Клер представилась, и библиотекарь широко улыбнулся, демонстрируя самое искреннее гостеприимство.
— Очень приятно с вами познакомиться, — сказал он, и теплота, с которой он приветствовал ее, даже несколько обескуражила Клер.
Мистеру Пилфорду было не менее семидесяти, но даже если и так, то, принимая во внимание возраст некоторых ее коллег, на вид он оказался моложе, бодрее и энергичней, чем она ожидала. На голове его топорщилась густая щеточка серебристых, коротко стриженных волос; невысокого роста, он держал себя величественно, даже с какой-то военной выправкой, что говорило о характере твердом и решительном. На нем был твидовый пиджак, темно-зеленая вязаная жилетка и удивительный галстук-бабочка в голубую и зеленую полоску — все это выглядело очень стильно. Вдобавок круглые черные очки — такие она видела только на фотографиях Джеймса Джойса.
— Что желаете заказать, доктор Донован?
— Меня интересует одна книга из собрания Баркли, — сказала Клер, заглянув в свою тетрадку, — В частности, письмо одной женщины, ее звали Мэри Бил, в конце семнадцатого века она была придворной художницей.
Клер показала ему выходные данные книги, нацарапанные карандашом в разлинованной бледными линейками тетрадке.
— Позвольте поинтересоваться, в какой именно области лежат ваши исследования? Я мог бы попробовать поискать что-нибудь еще, связанное с вашей темой.
— Я разыскиваю письменные документы, имеющие отношение к жизни художниц этой эпохи, а еще лучше — написанные их рукой.
— Какой именно эпохи?
— Раннего Нового времени, начиная с семнадцатого века.
Библиотекарь прищурился, посмотрел в потолок, пересчитывая балки или перебирая в памяти все, что там у него хранилось.

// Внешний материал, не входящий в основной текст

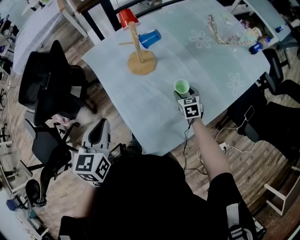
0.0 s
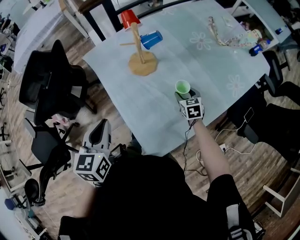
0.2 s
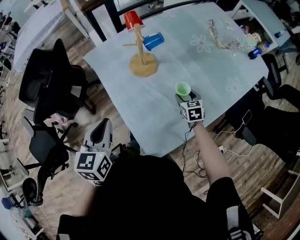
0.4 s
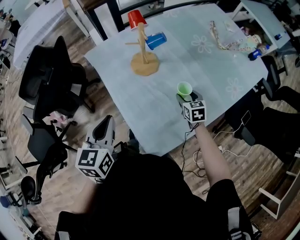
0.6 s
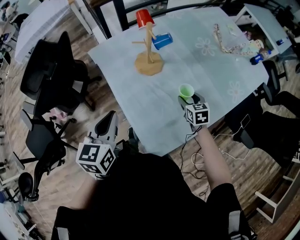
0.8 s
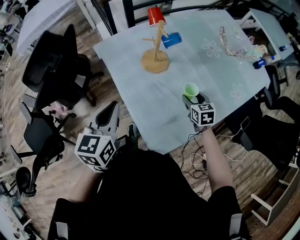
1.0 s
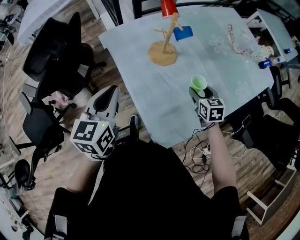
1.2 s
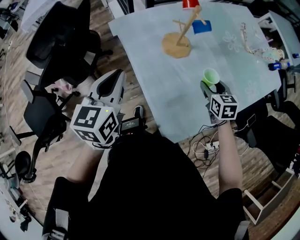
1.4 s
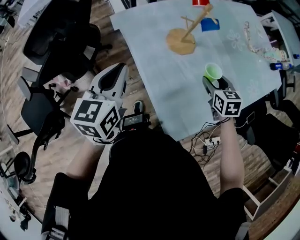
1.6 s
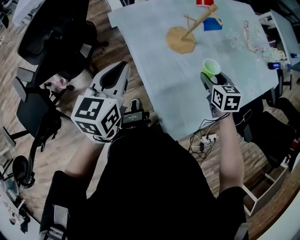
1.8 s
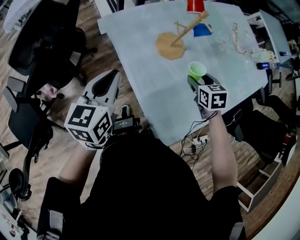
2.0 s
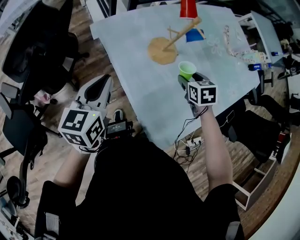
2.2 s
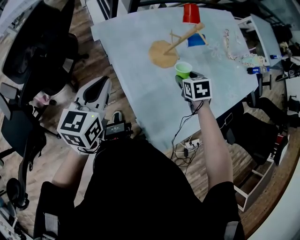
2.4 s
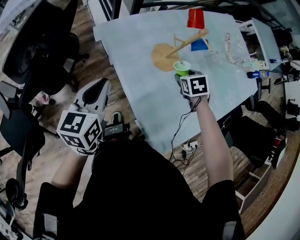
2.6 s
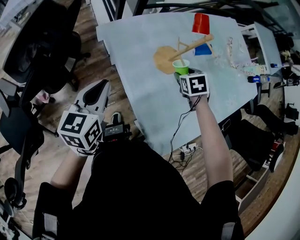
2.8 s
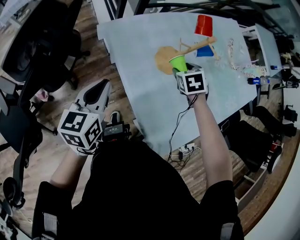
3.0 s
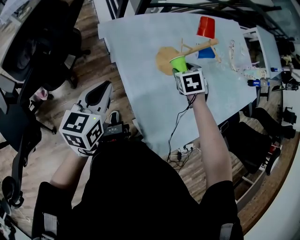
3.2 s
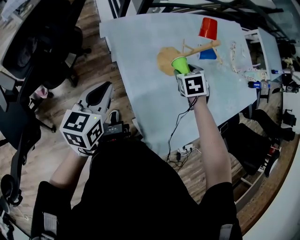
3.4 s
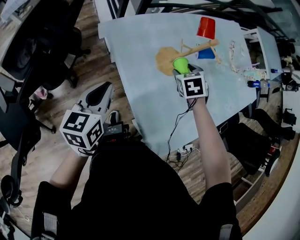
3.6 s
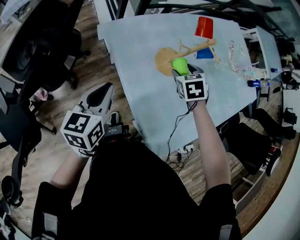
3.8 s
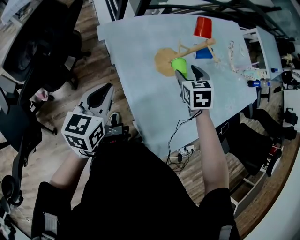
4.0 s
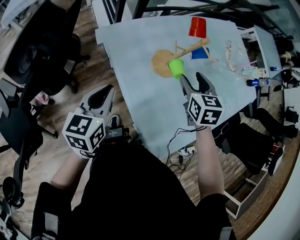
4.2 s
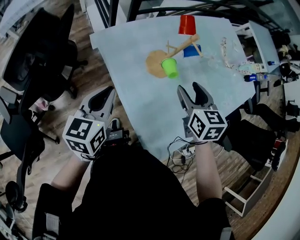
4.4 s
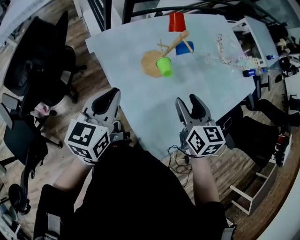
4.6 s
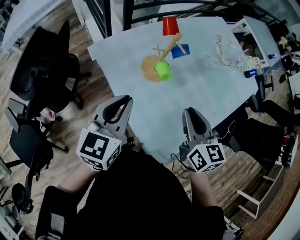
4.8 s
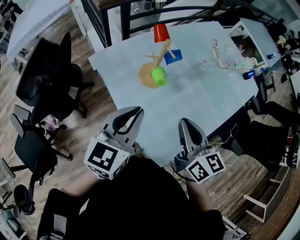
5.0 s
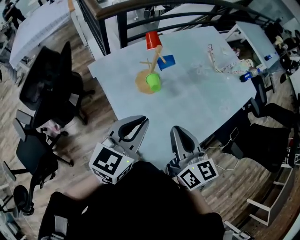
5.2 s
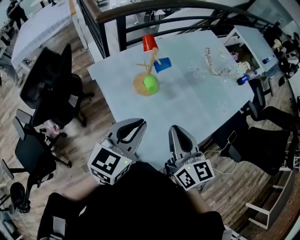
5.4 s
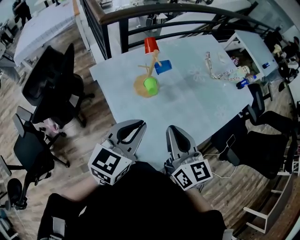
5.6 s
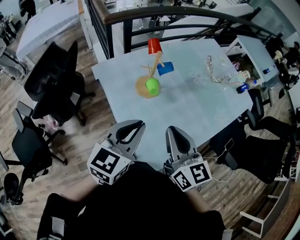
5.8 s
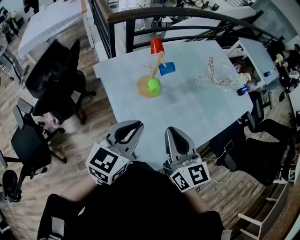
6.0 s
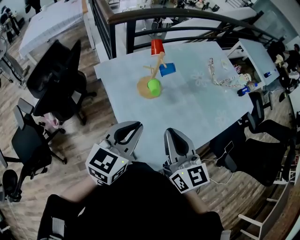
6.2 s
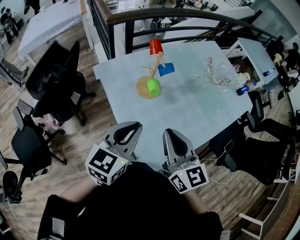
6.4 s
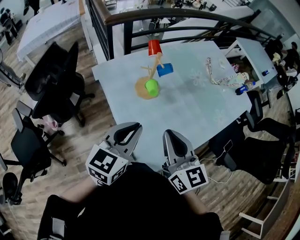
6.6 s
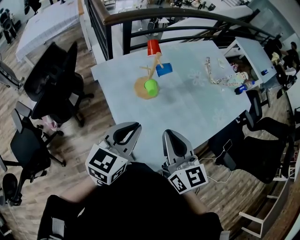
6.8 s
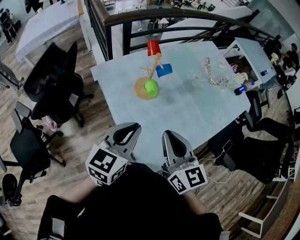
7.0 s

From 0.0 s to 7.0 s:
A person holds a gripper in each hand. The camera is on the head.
From 0.0 s to 1.4 s: The right gripper heads upward and to the left, covering approximately 15 cm; the left gripper heads to the left and forward, covering approximately 10 cm.
From 1.4 s to 2.8 s: The left gripper travels to the left, downward and forward by roughly 15 cm. The right gripper travels to the left and forward by approximately 20 cm, and turns by roughly 30 degrees.
From 2.8 s to 4.2 s: The right gripper shifts roughly 10 cm upward, and rotates roughly 30 degrees.
From 4.2 s to 5.6 s: The left gripper is displaced to the right and upward by approximately 30 cm, and changes its angle by approximately 20 degrees, while the right gripper moves backward, upward and to the right, roughly 25 cm, tips its fingers upward by roughly 30 degrees, and closes its fingers.
From 5.6 s to 7.0 s: There are only small adjustments of the grippers.

— Начать именно с коллекции Баркли — неплохая мысль. В ней далеко не все еще разобрано и занесено в каталог, поэтому трудно сказать, что можно там обнаружить.
Глаза мистера Пилфорда при этом вдруг полыхнули неким странным, таинственным огнем, словно желание Клер задело его за живое… или это ей только показалось?

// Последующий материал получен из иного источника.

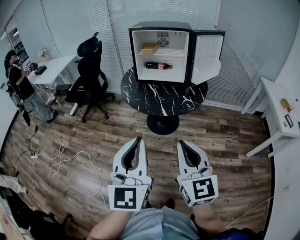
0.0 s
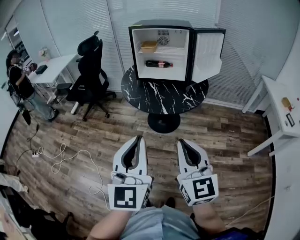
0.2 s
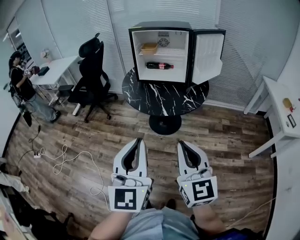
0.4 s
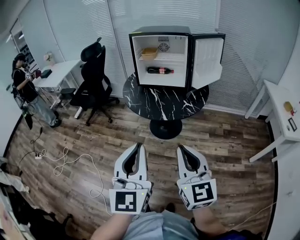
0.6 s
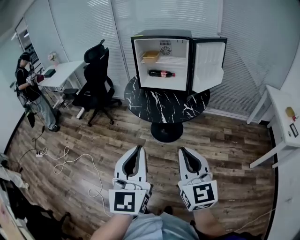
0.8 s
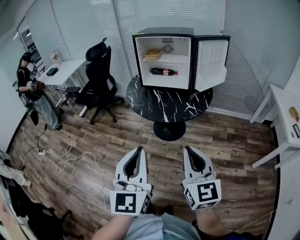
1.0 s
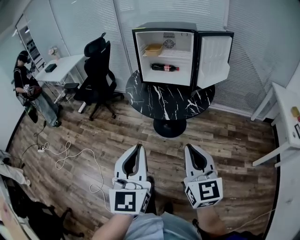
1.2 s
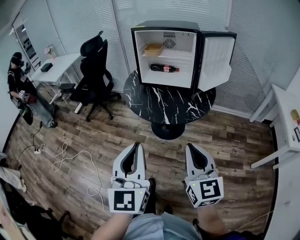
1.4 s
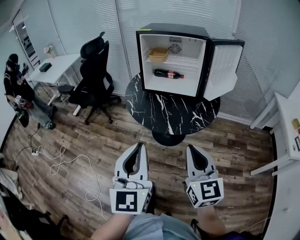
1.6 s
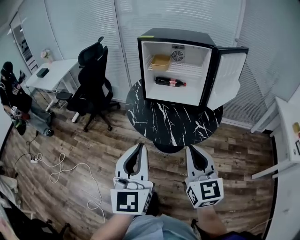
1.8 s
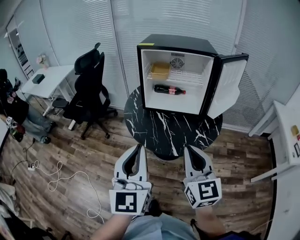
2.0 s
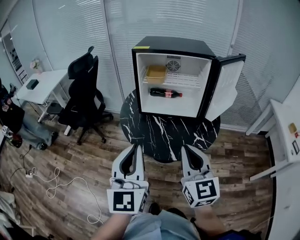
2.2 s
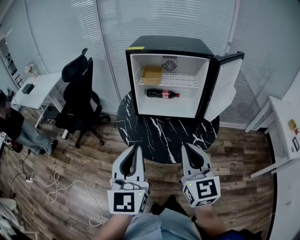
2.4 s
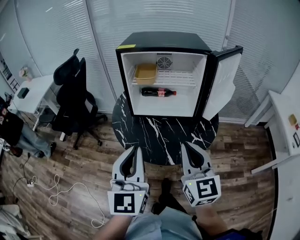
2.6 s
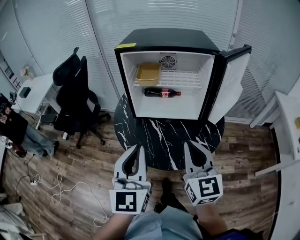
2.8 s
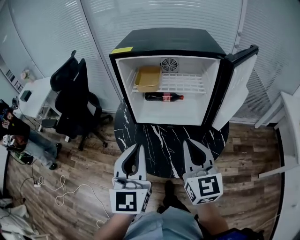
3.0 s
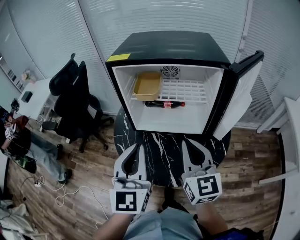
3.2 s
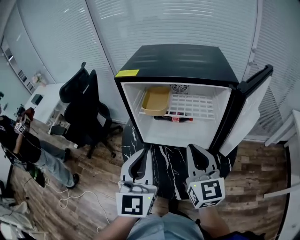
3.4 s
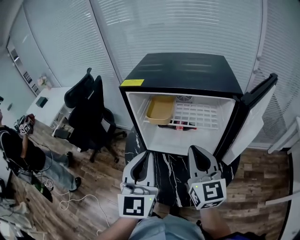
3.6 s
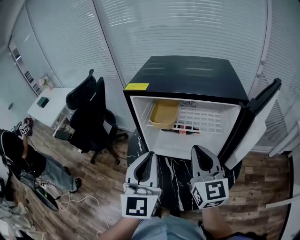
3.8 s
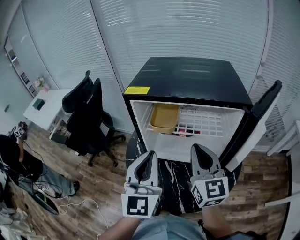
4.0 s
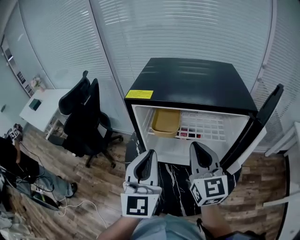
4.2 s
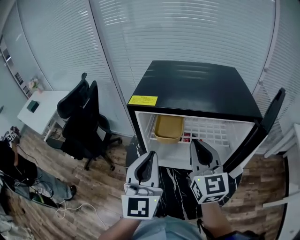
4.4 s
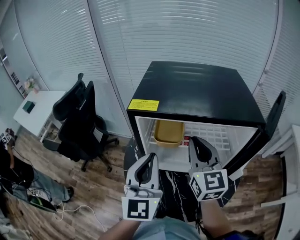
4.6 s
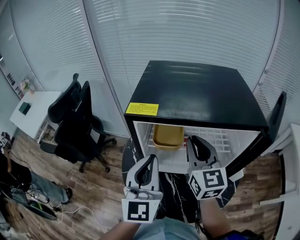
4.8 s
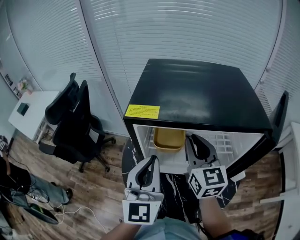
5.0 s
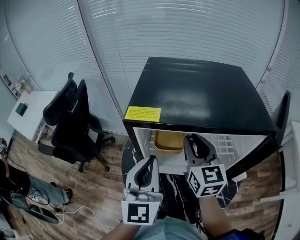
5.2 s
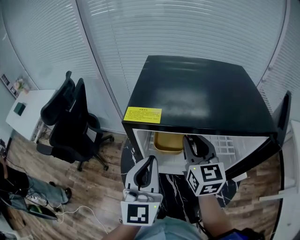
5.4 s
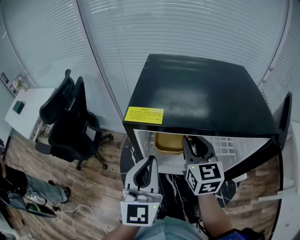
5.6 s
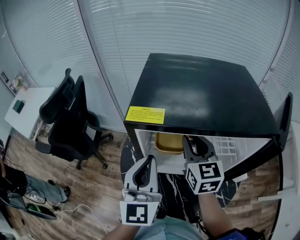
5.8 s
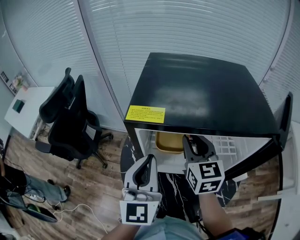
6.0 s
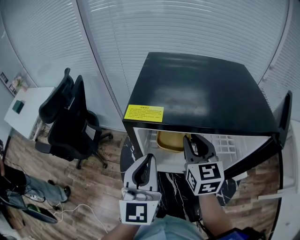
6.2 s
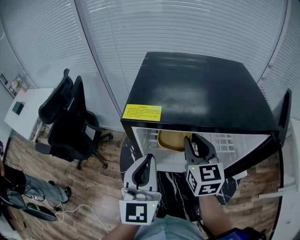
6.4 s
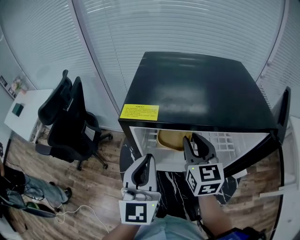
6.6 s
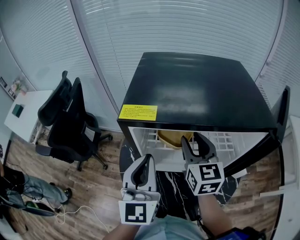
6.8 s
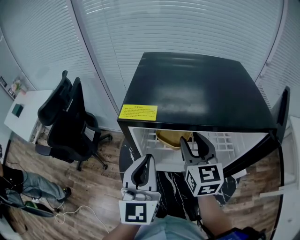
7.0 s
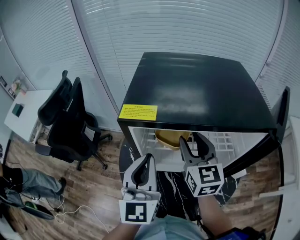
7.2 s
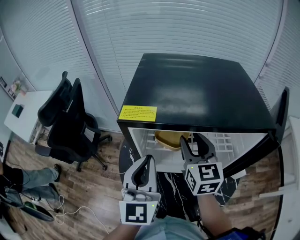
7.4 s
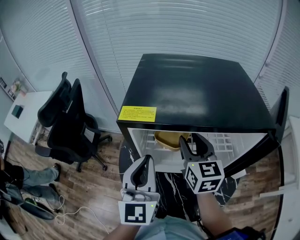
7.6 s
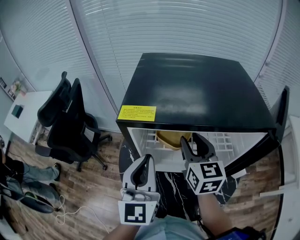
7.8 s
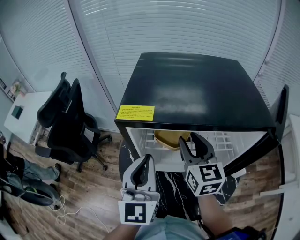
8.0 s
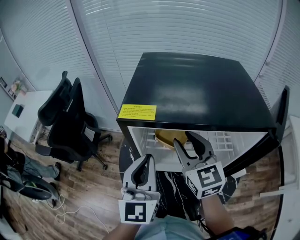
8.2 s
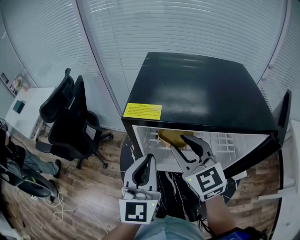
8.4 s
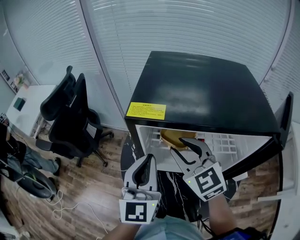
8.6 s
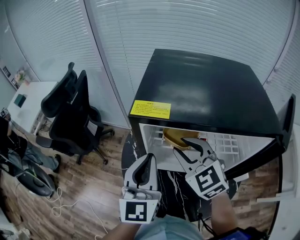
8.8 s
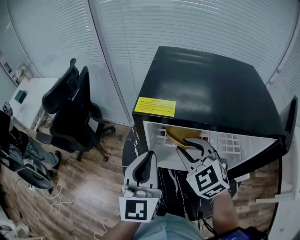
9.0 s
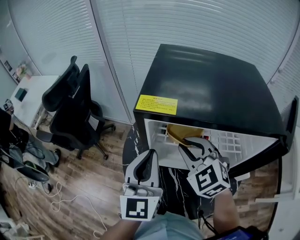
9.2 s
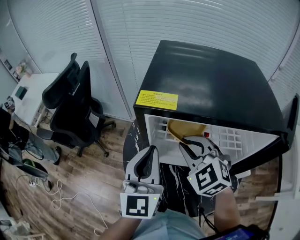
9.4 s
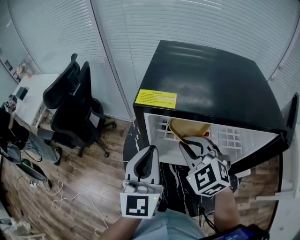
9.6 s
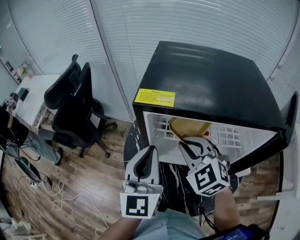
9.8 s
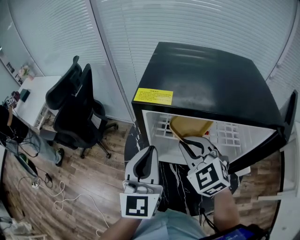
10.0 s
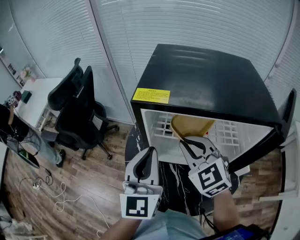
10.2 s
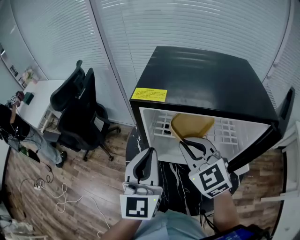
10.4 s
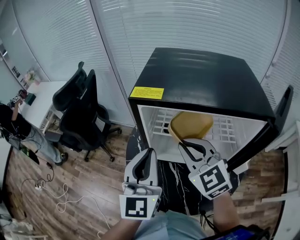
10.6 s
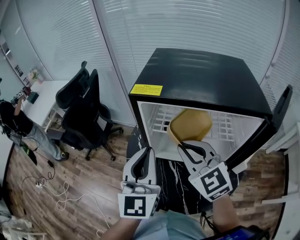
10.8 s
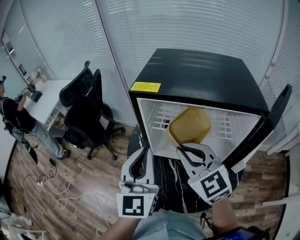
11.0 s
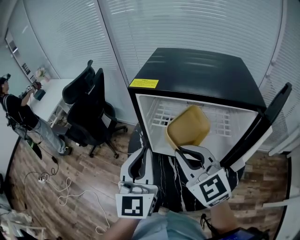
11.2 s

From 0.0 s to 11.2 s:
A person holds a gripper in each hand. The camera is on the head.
From 0.0 s to 1.6 s: The two grippers go approximately 15 cm forward.
From 1.6 s to 3.2 s: The two grippers go approximately 35 cm forward.
From 3.2 s to 4.8 s: Both grippers move forward, approximately 20 cm.
From 4.8 s to 6.4 s: The right gripper ends up approximately 5 cm from where it was.
From 6.4 s to 8.0 s: The grippers make only small movements.
From 8.0 s to 9.6 s: The right gripper moves to the left, approximately 5 cm, rotates around the line of its fingers by some 40 degrees, counterclockwise from behind, and closes.
From 9.6 s to 11.2 s: The right gripper heads backward and upward, covering about 15 cm, and changes its angle by some 30 degrees. Meanwhile the left gripper is displaced backward by about 10 cm.

— Кроме того, вы могли бы также заглянуть в собрание сэра Генри Пакеринга, — продолжил он, потом пожал плечами и развел руками, — Правда, там тоже не все еще каталогизировано, хотя собрание поступило к нам триста лет назад, сразу после окончания строительства библиотеки. Обе коллекции находятся в отсеке под литерой «R», в самом конце.

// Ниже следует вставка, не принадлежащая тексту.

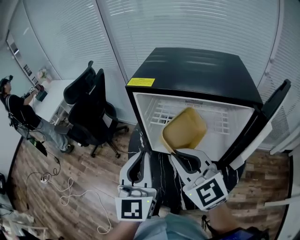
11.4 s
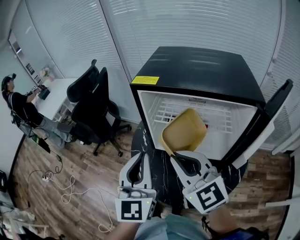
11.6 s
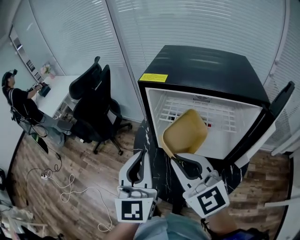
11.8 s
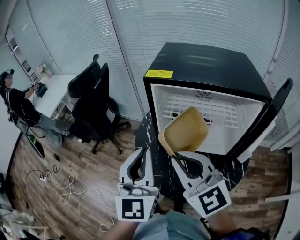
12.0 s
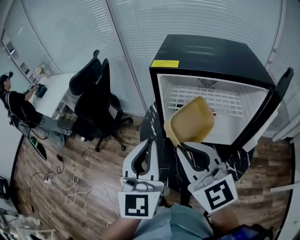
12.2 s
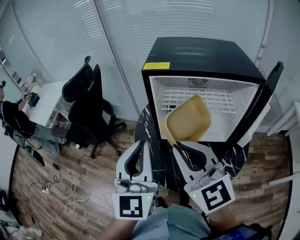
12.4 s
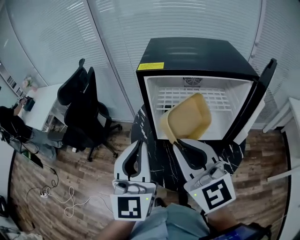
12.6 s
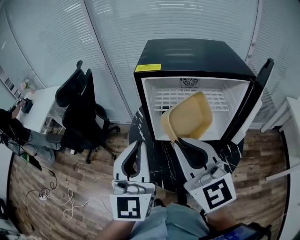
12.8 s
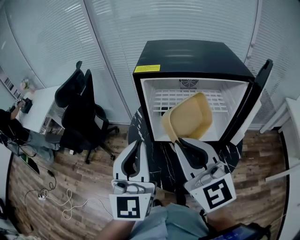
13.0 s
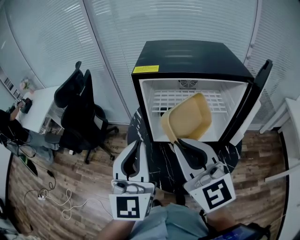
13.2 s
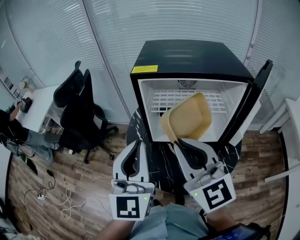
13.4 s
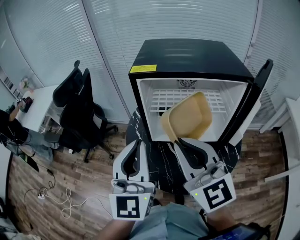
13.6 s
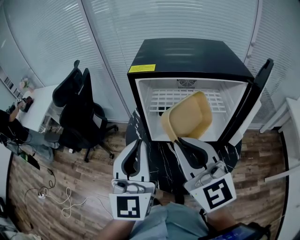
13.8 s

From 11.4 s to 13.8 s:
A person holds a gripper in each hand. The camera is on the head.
From 11.4 s to 12.6 s: The left gripper moves to the left, some 10 cm. Meanwhile the right gripper travels to the left and upward by roughly 10 cm, and turns by about 20 degrees.
From 12.6 s to 13.8 s: The grippers stay close to where they were, moving slightly.

Клер прошла вдоль широкого центрального прохода, мимо великолепных книжных шкафов мореного дуба, где в кожаных переплетах хранилось столько удивительных тайн, мимо резных щитов с гербами работы Гринлинга Гиббонса [17], мимо мраморных бюстов Ньютона и других, безмятежно взирающих на нее сверху вниз выдающихся личностей, мимо стендов, где особенно ценные экспонаты — первое издание Шекспира, оригинальная рукопись «Винни-Пуха» А. А. Милна и некоторые другие — были выставлены под стеклом. Женщина с хвостом на затылке, работающая за столом, стоящим позади статуи Байрона, как только Клер оказалась рядом, закрыла свой портативный компьютер.